Precission score train 0.9858156028368795
Precission score test 0.9444444444444445


## 11. Calculate and print the recall score for both the training and the testing set.

In [42]:
from sklearn.metrics import recall_score
recallscore_train = recall_score(y_train2,pred_train2,average='macro')
recallscore_test = recall_score(y_test2,pred_test2,average='macro')
print(f"Recall score train {recallscore_train}")
print(f"Recall score test {recallscore_test}")
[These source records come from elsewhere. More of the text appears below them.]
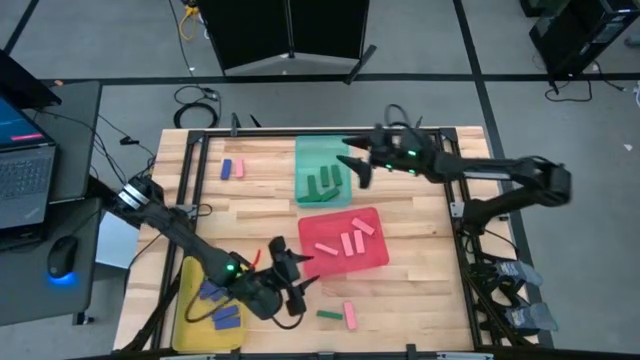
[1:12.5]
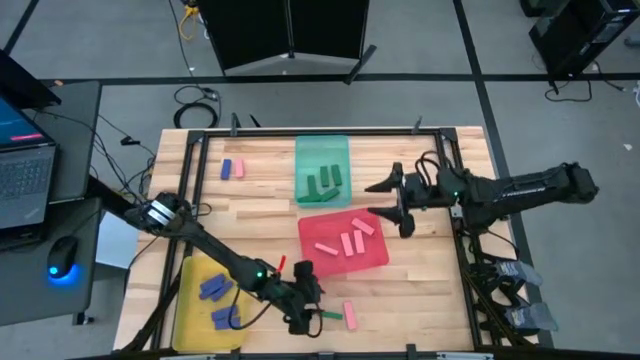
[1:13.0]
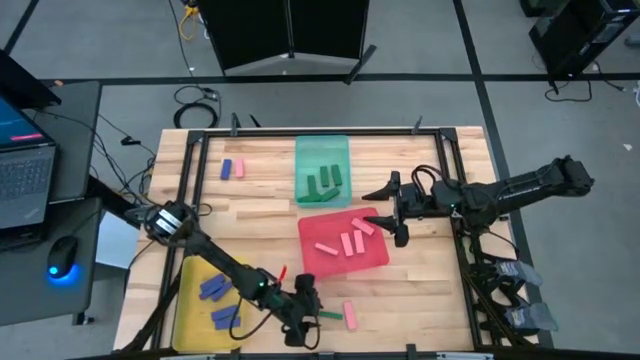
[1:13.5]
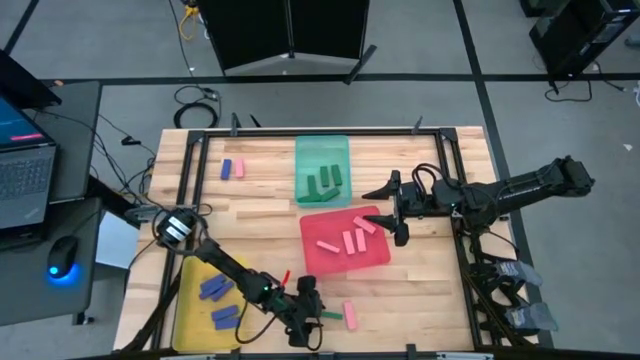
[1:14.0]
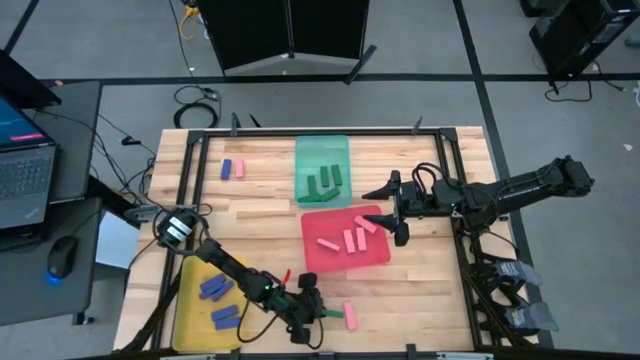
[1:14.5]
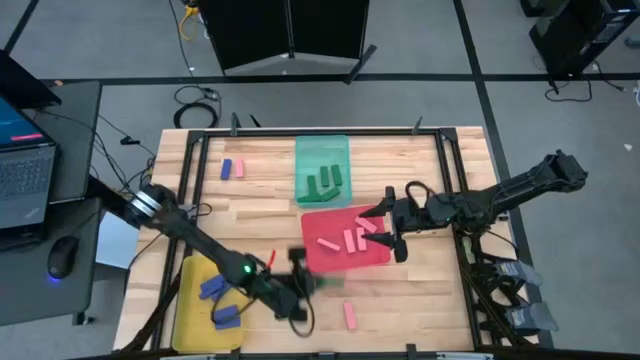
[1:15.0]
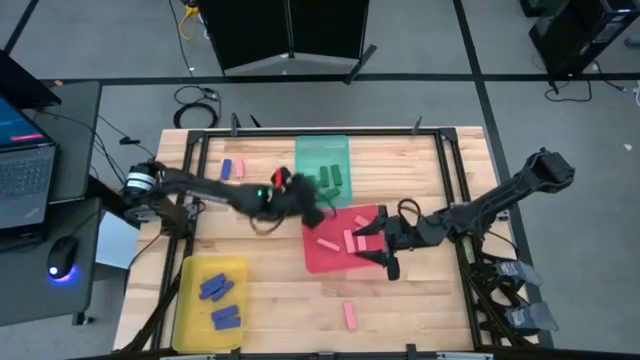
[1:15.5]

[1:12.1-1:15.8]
Task: Sort blocks
Put the green block into the green bin

Recall score train 0.9803921568627452
Recall score test 0.9791666666666666


## 12. Calculate and print the F1 score for both the training and the testing set.

In [43]:
from sklearn.metrics import f1_score
f1_score_train_macro = f1_score(y_train2,pred_train2,average='macro')
f1_score_test_macro = f1_score(y_test2,pred_test2,average='macro')
f1_score_train_micro = f1_score(y_train2,pred_train2,average='micro')
f1_score_test_micro = f1_score(y_test2,pred_test2,average='micro')
f1_score_train_weighted = f1_score(y_train2,pred_train2,average='weighted')
f1_score_test_weighted = f1_score(y_test2,pred_test2,average='weighted')

print(f"F1 score train macro {f1_score_train_macro}")
print(f"F1 score test macro {f1_score_train_macro}")
print(f"F1 score train micro {f1_score_train_micro}")
print(f"F1 score test micro {f1_score_train_micro}")
print(f"F1 score train weighted {f1_score_train_weighted}")
print(f"F1 score test weighted {f1_score_train_weighted}")

F1 score train macro 0.9826526130873957
F1 score test macro 0.9826526130873957
F1 score train micro 0.9833333333333333
F1 score test micro 0.9833333333333333
F1 score train weighted 0.983261967501098
F1 score test weighted 0.983261967501098


## 13. Generate confusion matrices for both the training and the testing set.

In [44]:
from sklearn.metrics import confusion_matrix

In [45]:
confusion_matrix(y_train2,pred_train2)

array([[41,  0,  0],
       [ 0, 32,  2],
       [ 0,  0, 45]])

## Bonus: For each of the data sets in this lab, try training with some of the other models you have learned about, recalculate the evaluation metrics, and compare to determine which models perform best on each data set.